To figure out our purpose we have to understand first what we know and what we tell ourselves. This is why the earlier work of understanding our mindsets and where they come from is vital. Once we have a perspective on that we can check in with our alignment.
Heatherash Amara writes in her book, Warrior Goddess Training that alignment is becoming clear on what you want, seeing what is present at the moment, and then aligning with that understanding.
Back to my realization smack-down. During the 2020 quarantine, I had verbally set a goal of wanting to be stronger for my family. My husband had (thankfully) finished building out our home gym/power rack and we all worked out daily (what else could we do?!).
One particular evening I was lifting and an old injury in my knee flared up, I lost my grip and went down lightning fast. My 16-year-old caught my bar and helped ease me into a more comfortable position and held my hand through the initial waves of pain. My worried husband grabbed a bag of frozen peas and some pain medicine. I cried tears of anger masked in agony not even able to appreciate the love and acceptance that was surrounding me.

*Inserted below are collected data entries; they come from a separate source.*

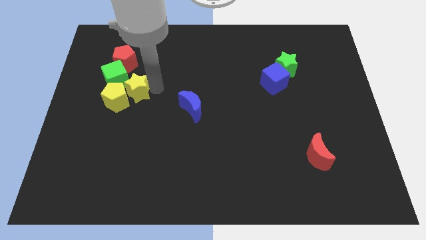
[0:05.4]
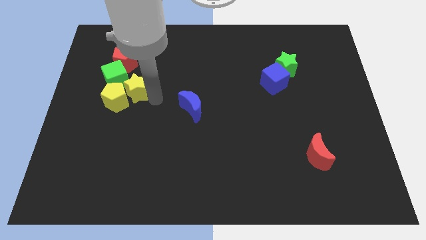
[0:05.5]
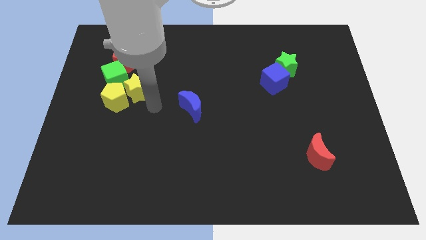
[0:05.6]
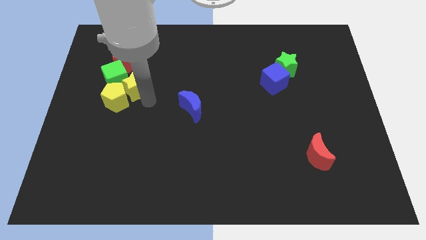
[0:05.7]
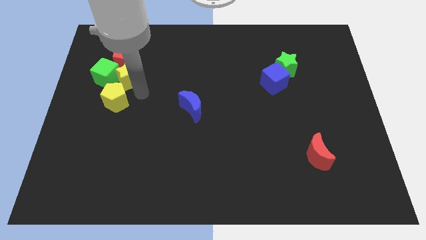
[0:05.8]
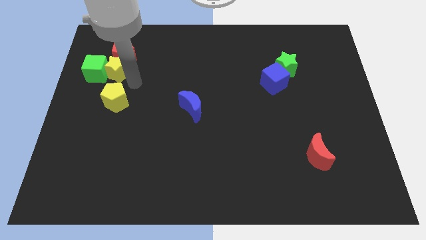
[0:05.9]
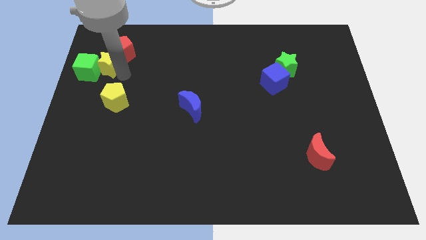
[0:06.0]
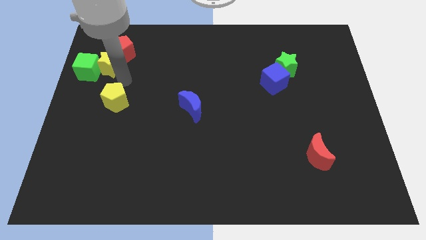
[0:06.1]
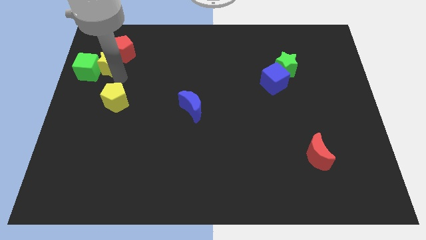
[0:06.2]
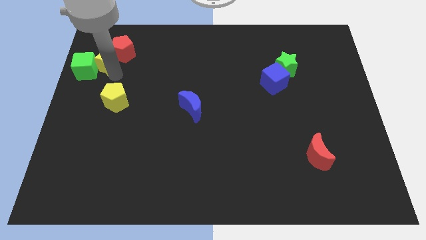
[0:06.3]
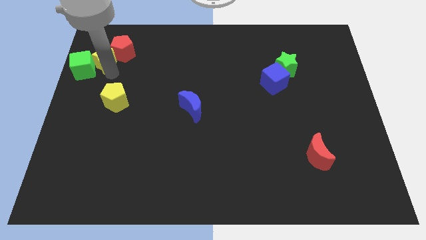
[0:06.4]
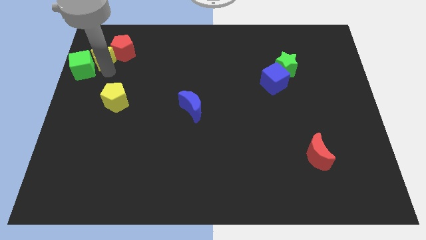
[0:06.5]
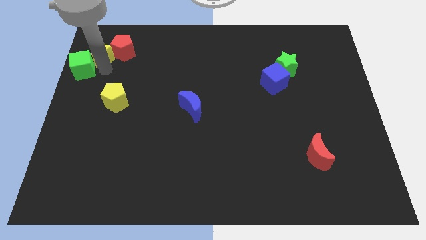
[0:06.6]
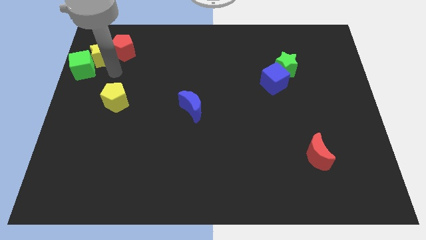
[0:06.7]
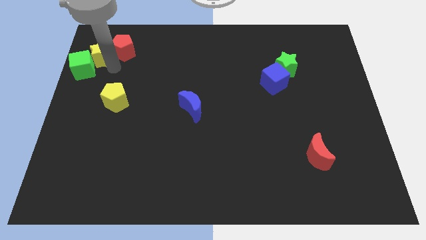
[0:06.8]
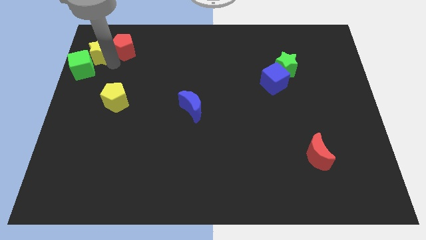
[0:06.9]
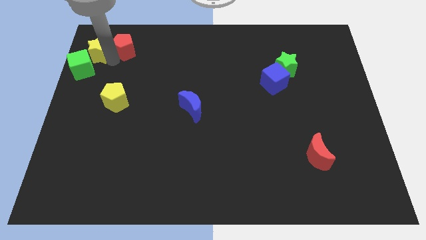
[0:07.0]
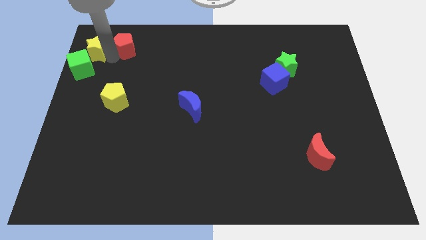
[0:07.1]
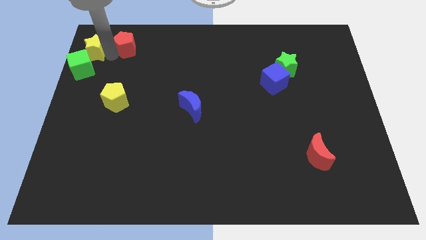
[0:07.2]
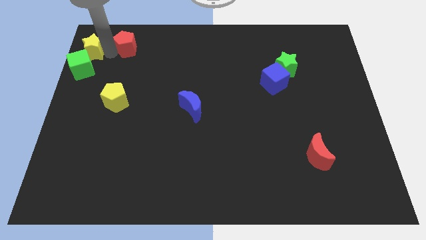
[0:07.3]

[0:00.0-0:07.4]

My thoughts were engulfed with “I was just getting somewhere with this strength training!”.
I asked my son to grab my knee brace off the wall and help me up. My husband said, “You’re done for the night. Don’t even think about finishing.”
“But if I don’t finish, that’s quitting and I can’t quit now, I have just got into the groove of this new habit!”
My 16-year-old son spoke softly to me, “Mom, I thought your goal was to be strong? You can’t get strong if you push through an injury instead of letting it rest.”
That was when I realized that I was not yet aligning with my goals. I needed to quit.
My goal was to get strong. I viewed quitting at that moment as a weakness, the opposite of strength.
I needed to assess the reality of my situation, I am not weak, I am injured and I need to recuperate.
I aligned myself to my reality (due to my baby boy’s wisdom) and started to understand that in order to keep working on getting strong I need to quit and heal.
It all writes so simply but the reality was I felt a wave of emotions and a quick descent into a spiral of shame. I know we all feel these feelings, it can be applied to any scenario life throws at us, not just with working out but in relationships, money, jobs, education… on and on.
The next time you are thinking about quitting go through these three checkpoints first:
THREE CHECKPOINTS
Check Your Fear - we now know that we can learn more from failure and that makes it possible to remove fear and be OK to try.
Check Your Sound - what narrative you are listening to within, if shame is involved you now have a technique to process.
Check Your Alignment - what do you want, what do you have, what do you really need.